様子を見に来るような愚を彼が犯すはずがないからだ。
なら、兵士?
馬鹿な、巡回の兵士がこの階にまで戻ってくるにはまだ少し時間が――
そう思い、咄嗟に振り向けば、廊下の角から一人のメイドが姿を現したのだった。
「マリー……!」
「はい、マリーです。こんばんは、レイン坊ちゃん」
相変わらず、無表情の彼女。
しかし、なぜここにいる……?
しかも、その何故かマリーはやや後ろ向きでやってきた。
どういうことなんだ。
それにレインは一体――
そう考えていると、次の瞬間、私は驚愕することになるのだった。
何故ならば、マリーの次に、今頃私の部屋にいるはずの弟が顔を見せたのだから。
その弟の顔は、「痛っ、いたたたたっ、ギブギブっ、ちょっ、力強いって! 本当にもう優しくしてよお! ガラス細工のようにぃ!!」と痛みを堪えるかのように半泣きになりかけていた。
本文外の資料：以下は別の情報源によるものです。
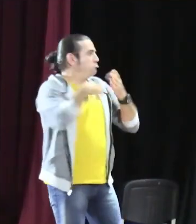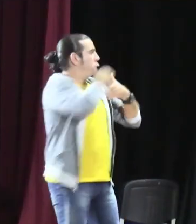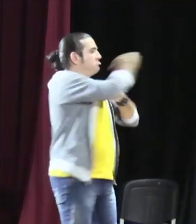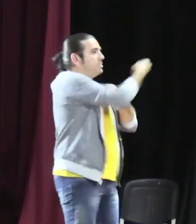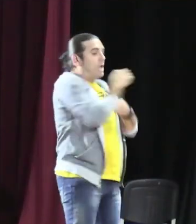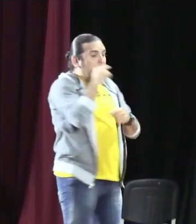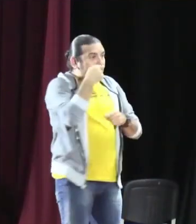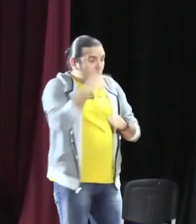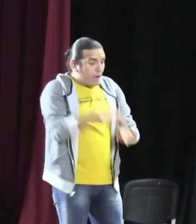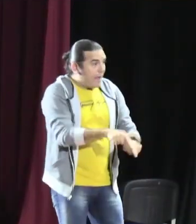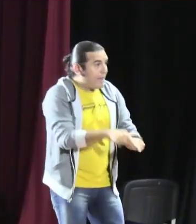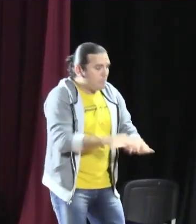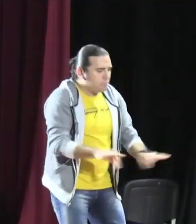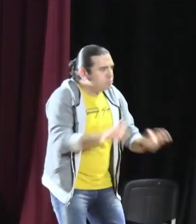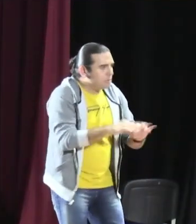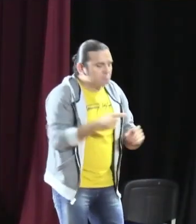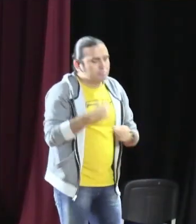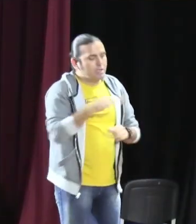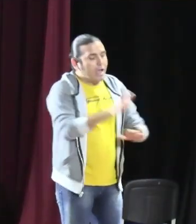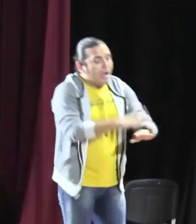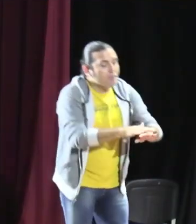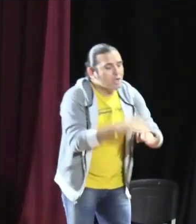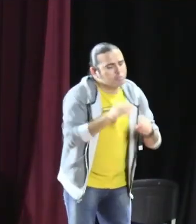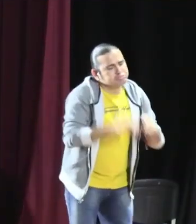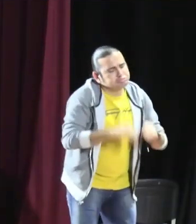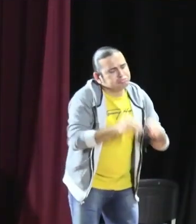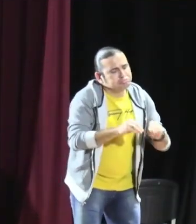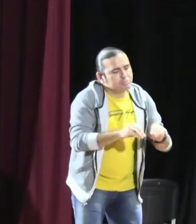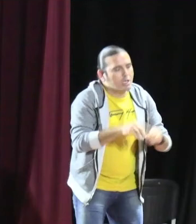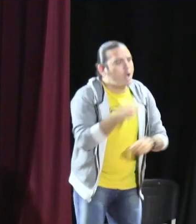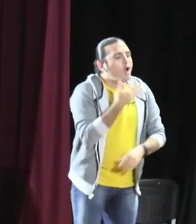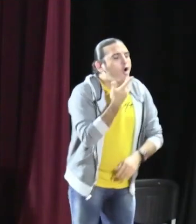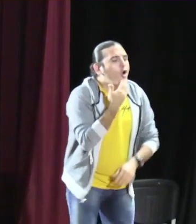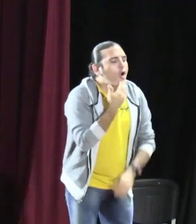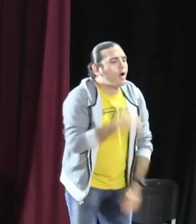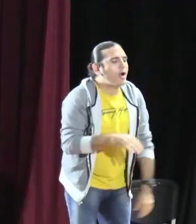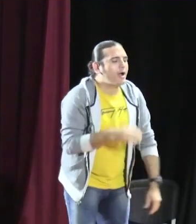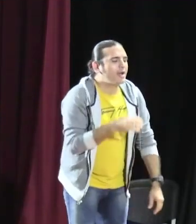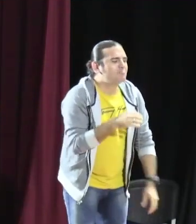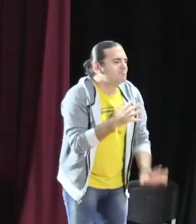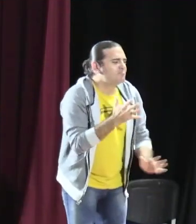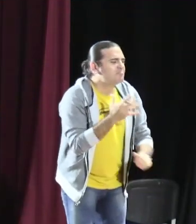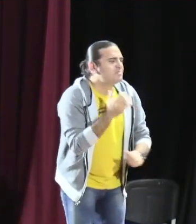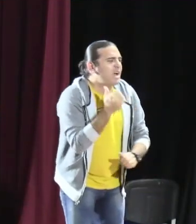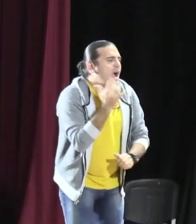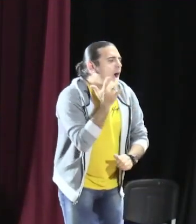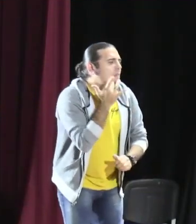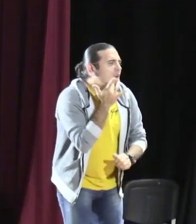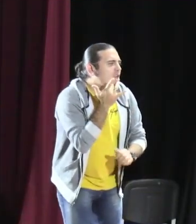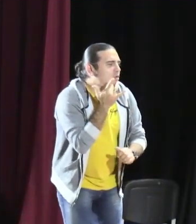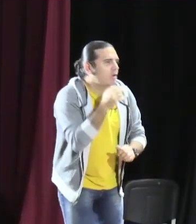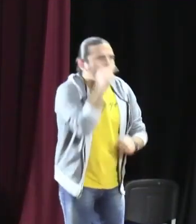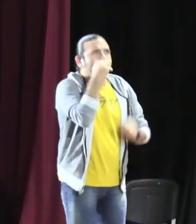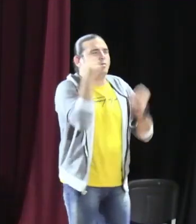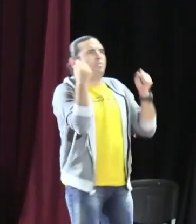Llega y él, listo, se va al anterior modelo y empieza con su clase. Y les dice, mira,

マリーに腕を捻り上げられるようにして、がっちりと拘束されていた状態であったからである。
彼女が、やや後ろ向きでこちらにやってきた理由が判明したのだった。
そして、マリーはそのまま痛みに顔を歪める弟の姿を、まるでたっぷりと見せつけるかのようにしてこちらへと向ける。
「――さて、レイン坊ちゃん」
呆然としていると、後ろから声がかかる。サイラスだ。
「勝負はつきましたので、大人しく投降をお願いします。それともカティアお嬢様がどうなってもよろしいのですか?」
……お、鬼だ。
鬼がいた……。
妖怪、鬼畜従者だ。この執事たち……。
こうなってしまっては、どうすることも出来ない。私は、弟を人質にとった従者たちに挟まれ、為す術なく武器を捨てる。そして、諸手を挙げて降参するのだった。